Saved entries
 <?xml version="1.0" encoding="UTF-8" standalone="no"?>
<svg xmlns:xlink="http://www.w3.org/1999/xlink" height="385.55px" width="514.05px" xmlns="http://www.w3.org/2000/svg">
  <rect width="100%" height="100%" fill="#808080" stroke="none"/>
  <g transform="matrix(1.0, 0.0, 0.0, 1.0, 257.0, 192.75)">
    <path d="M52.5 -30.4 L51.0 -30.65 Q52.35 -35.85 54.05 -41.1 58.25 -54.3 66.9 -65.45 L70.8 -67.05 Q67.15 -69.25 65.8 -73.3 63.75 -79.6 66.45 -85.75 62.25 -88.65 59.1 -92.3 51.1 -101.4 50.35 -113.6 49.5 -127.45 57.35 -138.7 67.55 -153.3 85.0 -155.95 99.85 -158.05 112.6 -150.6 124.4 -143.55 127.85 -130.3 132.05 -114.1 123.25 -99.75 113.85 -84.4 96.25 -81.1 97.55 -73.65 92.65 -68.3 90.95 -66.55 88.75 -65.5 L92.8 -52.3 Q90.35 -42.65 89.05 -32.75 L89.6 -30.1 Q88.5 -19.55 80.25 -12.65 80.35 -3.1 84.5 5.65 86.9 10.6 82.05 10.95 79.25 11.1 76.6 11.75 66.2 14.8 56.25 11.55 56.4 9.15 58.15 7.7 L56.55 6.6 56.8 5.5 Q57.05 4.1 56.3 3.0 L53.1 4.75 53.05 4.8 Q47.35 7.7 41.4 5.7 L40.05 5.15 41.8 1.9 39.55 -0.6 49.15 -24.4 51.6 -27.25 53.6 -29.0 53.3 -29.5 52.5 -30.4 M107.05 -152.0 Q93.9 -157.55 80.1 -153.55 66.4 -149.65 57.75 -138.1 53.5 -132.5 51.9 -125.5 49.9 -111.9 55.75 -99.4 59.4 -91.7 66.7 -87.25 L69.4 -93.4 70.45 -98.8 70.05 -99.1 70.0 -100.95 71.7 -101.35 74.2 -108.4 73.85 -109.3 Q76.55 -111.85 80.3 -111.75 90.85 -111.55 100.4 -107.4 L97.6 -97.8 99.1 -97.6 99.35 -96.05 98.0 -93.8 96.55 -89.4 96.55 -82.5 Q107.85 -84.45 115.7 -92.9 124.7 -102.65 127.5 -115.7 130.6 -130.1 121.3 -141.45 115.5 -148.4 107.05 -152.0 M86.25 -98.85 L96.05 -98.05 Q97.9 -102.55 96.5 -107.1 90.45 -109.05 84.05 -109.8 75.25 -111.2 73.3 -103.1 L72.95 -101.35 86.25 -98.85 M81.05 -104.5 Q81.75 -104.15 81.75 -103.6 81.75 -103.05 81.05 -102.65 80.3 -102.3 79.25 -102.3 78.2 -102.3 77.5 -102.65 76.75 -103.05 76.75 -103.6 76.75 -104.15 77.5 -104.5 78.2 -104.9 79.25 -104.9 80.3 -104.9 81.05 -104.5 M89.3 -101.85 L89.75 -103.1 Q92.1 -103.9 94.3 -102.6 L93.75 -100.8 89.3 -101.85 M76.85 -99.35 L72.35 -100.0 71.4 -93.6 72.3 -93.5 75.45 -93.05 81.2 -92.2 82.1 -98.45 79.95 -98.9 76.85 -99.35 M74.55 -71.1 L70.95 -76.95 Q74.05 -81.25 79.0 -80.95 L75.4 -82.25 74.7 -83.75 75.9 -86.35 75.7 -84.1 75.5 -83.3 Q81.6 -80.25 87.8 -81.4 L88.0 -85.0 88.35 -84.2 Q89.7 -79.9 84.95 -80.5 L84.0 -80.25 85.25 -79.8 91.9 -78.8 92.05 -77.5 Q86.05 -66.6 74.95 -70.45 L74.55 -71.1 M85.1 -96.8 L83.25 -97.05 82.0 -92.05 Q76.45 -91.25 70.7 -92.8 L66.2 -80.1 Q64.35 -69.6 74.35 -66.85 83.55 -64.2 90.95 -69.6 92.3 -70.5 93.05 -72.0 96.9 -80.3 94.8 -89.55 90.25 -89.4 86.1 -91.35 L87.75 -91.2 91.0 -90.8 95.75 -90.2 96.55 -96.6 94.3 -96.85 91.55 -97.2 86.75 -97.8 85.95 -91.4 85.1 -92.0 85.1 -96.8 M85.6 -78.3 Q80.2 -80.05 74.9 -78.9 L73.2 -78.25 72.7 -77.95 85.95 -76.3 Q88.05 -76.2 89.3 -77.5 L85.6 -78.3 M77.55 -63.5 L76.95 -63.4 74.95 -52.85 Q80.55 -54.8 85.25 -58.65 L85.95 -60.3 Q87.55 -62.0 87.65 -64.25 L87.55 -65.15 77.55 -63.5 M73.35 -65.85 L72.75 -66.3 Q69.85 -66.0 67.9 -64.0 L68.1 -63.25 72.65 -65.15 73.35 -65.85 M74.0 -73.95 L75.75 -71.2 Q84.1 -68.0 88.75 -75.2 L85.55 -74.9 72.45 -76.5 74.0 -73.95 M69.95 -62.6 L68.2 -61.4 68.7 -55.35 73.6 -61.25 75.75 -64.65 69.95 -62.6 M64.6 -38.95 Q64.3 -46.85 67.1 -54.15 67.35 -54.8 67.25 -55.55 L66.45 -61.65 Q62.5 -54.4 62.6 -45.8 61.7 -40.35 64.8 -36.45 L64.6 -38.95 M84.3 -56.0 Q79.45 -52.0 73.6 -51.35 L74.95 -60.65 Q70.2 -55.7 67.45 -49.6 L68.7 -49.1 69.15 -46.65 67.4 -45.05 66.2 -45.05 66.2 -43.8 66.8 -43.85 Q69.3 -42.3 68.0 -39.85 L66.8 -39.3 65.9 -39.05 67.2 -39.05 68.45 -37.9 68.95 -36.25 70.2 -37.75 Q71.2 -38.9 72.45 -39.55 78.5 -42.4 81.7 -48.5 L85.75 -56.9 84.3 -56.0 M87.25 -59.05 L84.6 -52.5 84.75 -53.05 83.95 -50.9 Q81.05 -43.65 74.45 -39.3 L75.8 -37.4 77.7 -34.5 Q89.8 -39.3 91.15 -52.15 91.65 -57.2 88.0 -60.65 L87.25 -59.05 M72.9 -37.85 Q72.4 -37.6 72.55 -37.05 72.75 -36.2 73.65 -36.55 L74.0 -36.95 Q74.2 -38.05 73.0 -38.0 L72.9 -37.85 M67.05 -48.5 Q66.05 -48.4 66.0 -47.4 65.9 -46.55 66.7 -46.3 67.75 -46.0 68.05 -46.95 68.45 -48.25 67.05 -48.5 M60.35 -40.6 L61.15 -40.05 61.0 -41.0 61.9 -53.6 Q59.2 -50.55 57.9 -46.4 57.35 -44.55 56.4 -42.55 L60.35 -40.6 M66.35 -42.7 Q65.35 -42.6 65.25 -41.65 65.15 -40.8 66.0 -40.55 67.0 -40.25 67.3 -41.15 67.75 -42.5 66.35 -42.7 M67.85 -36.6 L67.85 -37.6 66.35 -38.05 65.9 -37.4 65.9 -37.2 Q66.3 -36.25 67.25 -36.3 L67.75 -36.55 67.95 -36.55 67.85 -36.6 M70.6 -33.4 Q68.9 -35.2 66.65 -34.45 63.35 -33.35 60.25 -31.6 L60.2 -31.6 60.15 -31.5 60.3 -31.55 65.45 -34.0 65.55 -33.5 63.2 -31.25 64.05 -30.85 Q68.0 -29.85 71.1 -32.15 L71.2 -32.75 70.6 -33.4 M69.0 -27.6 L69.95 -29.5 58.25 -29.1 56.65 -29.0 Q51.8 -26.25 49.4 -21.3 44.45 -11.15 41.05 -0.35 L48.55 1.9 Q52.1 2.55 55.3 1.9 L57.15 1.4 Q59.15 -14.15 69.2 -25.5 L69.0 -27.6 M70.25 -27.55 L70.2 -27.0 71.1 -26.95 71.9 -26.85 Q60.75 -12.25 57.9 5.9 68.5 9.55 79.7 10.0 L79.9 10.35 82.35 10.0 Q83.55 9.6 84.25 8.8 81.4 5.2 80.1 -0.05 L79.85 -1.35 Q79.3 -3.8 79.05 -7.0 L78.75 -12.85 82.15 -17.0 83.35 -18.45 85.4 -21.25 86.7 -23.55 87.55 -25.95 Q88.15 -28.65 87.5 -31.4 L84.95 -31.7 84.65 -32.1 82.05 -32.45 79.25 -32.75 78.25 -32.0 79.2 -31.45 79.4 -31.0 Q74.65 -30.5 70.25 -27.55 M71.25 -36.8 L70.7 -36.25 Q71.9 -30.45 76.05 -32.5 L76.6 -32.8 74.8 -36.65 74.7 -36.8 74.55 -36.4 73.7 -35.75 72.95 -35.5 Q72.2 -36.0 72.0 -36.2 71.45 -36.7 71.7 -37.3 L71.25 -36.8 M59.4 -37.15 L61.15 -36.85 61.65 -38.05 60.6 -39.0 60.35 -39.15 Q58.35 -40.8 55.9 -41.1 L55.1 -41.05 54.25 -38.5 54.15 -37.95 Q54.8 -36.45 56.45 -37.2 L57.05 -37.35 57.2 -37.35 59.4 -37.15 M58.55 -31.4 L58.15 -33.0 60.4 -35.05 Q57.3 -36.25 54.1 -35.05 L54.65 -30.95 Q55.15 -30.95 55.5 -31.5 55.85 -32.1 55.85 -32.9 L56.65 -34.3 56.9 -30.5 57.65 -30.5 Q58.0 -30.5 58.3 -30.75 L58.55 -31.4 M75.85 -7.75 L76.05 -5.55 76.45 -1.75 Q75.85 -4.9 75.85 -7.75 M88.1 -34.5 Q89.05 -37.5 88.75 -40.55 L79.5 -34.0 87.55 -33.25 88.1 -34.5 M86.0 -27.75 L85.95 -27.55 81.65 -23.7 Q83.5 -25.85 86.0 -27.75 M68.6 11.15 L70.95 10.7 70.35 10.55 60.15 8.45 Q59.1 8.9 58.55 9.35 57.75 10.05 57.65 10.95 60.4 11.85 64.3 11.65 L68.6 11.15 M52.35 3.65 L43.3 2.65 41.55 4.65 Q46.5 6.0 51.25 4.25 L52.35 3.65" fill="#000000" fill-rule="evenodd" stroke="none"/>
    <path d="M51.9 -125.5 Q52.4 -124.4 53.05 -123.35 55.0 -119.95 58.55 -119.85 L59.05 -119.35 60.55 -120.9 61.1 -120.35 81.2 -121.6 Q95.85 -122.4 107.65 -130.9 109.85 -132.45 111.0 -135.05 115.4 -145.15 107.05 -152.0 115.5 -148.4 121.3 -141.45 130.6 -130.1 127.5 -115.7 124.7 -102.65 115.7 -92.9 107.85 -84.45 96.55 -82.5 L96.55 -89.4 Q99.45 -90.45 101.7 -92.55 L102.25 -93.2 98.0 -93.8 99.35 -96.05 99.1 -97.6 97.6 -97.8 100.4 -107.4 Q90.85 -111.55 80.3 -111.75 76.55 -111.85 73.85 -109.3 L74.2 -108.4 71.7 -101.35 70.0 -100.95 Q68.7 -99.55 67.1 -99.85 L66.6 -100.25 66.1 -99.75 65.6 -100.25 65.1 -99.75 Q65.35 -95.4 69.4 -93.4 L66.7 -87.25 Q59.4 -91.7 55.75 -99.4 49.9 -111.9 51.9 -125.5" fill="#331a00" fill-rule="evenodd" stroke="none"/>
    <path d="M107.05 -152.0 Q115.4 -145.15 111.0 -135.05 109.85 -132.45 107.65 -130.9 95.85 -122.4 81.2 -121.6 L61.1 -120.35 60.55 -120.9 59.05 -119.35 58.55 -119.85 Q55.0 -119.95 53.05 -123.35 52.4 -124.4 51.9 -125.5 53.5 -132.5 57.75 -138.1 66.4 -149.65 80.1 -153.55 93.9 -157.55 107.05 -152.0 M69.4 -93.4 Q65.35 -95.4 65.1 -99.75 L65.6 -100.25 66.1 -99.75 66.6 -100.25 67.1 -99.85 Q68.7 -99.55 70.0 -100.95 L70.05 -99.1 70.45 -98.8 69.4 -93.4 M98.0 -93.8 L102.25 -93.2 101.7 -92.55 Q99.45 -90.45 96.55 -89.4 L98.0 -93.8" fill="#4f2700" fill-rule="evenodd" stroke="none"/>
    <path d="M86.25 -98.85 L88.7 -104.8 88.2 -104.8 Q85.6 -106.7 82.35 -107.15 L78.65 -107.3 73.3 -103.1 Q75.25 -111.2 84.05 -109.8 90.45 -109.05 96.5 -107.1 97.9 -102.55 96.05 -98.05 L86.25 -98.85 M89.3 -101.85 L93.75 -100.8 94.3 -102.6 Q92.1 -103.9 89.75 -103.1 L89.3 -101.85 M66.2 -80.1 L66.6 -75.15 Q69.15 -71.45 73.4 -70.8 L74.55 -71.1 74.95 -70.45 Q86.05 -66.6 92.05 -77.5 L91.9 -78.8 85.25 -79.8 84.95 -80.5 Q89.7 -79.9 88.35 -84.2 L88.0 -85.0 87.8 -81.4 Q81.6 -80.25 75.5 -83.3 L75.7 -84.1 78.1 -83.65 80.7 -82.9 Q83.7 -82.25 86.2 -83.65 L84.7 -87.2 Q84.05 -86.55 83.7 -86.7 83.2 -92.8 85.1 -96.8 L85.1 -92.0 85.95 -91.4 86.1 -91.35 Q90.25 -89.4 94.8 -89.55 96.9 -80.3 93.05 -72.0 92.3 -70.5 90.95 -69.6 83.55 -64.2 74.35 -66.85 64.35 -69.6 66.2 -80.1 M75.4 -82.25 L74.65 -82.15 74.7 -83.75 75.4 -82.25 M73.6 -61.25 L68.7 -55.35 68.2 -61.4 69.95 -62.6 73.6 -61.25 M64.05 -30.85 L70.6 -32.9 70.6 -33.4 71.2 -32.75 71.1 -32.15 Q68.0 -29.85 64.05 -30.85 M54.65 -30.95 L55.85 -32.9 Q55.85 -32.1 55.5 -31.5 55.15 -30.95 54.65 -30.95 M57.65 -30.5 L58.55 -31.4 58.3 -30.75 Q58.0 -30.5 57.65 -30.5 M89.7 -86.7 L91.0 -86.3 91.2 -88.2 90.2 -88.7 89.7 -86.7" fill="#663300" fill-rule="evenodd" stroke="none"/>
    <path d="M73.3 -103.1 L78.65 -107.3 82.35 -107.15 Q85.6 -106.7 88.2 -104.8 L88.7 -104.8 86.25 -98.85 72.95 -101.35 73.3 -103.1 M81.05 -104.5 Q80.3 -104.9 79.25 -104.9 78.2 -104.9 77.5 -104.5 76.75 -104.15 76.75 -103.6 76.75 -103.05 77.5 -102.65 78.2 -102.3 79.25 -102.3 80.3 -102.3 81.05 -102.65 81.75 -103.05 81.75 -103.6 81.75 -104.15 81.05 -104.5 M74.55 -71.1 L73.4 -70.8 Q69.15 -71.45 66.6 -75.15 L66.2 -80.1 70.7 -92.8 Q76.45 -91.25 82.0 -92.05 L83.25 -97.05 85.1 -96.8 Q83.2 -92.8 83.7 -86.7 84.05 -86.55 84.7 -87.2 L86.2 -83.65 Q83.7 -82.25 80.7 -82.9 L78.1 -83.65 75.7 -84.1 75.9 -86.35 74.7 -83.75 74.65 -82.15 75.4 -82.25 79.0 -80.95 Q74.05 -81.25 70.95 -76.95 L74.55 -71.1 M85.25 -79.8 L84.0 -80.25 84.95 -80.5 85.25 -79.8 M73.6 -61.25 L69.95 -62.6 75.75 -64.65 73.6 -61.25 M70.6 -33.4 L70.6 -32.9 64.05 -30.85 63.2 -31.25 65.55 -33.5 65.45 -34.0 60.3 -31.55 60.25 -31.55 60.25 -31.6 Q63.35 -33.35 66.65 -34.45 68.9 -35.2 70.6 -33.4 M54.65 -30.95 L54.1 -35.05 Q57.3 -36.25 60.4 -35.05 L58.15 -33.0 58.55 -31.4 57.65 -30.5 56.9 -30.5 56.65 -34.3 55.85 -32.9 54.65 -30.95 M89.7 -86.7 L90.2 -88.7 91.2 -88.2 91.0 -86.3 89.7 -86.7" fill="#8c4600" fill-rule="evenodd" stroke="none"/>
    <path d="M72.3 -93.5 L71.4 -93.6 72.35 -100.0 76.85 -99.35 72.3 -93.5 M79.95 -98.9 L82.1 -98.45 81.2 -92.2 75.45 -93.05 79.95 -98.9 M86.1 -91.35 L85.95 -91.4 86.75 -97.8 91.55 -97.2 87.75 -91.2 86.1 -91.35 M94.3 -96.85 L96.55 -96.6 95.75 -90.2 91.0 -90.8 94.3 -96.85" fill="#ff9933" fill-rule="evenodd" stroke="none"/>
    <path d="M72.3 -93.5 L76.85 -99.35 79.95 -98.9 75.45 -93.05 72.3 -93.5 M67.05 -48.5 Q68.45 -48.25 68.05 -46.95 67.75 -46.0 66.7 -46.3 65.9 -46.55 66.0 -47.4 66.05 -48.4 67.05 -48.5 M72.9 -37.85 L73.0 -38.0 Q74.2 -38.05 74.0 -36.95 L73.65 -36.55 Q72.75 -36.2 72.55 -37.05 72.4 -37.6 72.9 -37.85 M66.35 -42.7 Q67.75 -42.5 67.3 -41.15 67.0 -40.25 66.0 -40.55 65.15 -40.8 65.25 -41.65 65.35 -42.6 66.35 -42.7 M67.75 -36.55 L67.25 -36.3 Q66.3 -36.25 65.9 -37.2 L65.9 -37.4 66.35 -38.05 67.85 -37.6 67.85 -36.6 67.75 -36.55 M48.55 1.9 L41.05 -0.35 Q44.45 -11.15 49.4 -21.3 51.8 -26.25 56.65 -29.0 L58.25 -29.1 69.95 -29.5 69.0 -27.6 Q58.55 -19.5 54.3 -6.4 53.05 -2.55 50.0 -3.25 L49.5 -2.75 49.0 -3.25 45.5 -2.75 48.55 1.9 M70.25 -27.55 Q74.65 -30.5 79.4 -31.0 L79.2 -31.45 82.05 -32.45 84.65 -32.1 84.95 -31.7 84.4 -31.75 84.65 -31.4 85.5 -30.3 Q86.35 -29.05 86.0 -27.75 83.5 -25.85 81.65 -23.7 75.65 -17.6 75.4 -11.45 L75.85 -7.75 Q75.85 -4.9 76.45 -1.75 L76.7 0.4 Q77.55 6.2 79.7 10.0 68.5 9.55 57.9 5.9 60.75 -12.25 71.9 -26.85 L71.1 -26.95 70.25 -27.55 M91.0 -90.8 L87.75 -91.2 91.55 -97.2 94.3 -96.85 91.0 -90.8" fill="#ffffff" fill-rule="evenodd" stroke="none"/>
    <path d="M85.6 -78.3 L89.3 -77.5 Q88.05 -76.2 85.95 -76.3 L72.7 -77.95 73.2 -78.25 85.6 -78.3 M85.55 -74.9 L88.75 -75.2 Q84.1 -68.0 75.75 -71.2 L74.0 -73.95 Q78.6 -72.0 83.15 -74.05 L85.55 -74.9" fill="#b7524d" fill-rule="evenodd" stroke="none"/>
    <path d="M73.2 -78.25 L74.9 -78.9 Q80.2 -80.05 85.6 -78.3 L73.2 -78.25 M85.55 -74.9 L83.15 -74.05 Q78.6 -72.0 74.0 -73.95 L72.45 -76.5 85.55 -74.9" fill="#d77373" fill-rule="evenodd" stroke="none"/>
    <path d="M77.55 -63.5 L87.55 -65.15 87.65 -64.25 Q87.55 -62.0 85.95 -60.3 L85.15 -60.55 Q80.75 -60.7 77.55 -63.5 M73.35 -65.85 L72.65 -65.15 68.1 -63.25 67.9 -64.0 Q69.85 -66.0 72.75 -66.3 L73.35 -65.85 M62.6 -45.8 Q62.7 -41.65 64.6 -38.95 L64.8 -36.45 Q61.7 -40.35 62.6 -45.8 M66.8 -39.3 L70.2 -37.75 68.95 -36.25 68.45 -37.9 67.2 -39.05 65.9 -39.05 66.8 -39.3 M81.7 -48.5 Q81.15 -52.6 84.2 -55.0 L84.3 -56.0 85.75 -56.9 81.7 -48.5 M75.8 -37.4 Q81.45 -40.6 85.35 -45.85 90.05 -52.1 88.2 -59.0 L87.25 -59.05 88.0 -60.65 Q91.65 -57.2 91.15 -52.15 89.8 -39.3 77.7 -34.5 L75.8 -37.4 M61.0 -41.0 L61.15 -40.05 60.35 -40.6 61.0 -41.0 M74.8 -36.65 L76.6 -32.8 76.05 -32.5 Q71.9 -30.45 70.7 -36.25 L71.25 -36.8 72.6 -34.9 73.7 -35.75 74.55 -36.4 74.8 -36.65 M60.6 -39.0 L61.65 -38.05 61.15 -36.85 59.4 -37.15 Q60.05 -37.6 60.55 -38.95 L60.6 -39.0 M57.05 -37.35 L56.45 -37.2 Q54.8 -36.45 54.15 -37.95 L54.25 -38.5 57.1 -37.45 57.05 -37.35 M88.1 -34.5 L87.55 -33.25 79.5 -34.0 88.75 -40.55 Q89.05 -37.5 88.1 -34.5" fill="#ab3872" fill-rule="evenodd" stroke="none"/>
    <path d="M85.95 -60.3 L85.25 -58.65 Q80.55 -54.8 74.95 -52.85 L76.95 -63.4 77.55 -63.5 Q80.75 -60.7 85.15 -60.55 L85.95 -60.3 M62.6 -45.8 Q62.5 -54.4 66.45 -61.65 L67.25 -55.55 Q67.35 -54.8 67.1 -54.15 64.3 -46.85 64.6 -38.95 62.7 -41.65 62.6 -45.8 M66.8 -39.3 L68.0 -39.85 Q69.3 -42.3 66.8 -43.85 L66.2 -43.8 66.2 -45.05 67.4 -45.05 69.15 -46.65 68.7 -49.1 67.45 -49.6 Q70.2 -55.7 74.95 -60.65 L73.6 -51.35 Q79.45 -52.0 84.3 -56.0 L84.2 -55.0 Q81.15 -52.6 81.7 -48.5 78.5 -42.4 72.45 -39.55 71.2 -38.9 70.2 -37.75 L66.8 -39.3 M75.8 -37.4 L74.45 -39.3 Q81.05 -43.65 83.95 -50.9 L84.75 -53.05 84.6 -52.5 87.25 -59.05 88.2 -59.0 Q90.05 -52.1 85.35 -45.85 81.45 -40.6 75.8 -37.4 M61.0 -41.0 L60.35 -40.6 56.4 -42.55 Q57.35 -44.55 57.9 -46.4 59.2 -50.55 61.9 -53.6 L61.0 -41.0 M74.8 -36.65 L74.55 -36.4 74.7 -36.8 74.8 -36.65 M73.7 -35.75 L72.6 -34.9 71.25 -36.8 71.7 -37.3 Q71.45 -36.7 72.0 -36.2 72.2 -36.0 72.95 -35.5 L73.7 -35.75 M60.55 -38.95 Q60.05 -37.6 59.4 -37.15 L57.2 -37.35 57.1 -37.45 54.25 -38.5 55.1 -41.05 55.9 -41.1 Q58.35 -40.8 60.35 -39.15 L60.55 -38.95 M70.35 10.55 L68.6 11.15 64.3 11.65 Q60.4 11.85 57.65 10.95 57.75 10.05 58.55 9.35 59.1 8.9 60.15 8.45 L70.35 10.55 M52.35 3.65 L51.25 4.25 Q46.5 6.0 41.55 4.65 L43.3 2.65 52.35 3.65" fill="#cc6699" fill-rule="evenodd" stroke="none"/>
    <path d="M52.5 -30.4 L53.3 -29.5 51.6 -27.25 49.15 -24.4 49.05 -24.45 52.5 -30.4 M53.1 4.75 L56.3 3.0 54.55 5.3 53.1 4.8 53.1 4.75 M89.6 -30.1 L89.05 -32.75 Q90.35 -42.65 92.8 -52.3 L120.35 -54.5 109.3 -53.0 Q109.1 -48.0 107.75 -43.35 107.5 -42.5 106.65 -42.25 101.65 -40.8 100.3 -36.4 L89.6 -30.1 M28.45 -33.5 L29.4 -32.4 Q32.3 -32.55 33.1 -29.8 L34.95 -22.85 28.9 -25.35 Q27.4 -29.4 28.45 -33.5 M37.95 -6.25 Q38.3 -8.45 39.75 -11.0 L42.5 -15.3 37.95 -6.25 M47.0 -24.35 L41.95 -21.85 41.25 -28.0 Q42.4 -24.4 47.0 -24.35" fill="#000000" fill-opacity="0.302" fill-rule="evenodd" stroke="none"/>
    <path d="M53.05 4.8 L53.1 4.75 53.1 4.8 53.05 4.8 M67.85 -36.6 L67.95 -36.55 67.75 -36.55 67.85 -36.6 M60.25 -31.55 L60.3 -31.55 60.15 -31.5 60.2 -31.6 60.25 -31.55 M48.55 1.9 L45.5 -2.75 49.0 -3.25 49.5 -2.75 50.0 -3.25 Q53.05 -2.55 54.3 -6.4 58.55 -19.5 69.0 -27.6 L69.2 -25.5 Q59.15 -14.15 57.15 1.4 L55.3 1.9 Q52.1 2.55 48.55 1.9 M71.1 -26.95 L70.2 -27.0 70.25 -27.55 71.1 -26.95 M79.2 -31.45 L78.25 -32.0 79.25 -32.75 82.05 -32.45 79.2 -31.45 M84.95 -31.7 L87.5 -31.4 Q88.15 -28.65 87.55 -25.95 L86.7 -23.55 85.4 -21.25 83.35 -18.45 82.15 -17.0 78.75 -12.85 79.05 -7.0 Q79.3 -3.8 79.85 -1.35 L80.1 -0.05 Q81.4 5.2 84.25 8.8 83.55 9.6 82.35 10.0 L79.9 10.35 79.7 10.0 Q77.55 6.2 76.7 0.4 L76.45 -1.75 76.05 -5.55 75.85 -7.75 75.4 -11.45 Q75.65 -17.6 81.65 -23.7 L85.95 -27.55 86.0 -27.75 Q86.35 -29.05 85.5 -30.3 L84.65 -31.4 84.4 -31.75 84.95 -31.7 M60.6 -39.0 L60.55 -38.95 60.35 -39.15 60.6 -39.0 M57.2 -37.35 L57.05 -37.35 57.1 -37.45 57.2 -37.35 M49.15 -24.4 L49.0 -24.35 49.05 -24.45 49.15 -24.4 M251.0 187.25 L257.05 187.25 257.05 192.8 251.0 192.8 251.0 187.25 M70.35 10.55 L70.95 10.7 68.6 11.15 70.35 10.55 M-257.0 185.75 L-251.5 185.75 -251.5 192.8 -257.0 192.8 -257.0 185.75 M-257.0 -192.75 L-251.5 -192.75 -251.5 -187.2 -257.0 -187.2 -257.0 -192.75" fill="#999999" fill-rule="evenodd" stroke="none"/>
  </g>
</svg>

— What to work on —
Above are some records; copy each line there that contains "width".

— Response —
<svg xmlns:xlink="http://www.w3.org/1999/xlink" height="385.55px" width="514.05px" xmlns="http://www.w3.org/2000/svg">
  <rect width="100%" height="100%" fill="#808080" stroke="none"/>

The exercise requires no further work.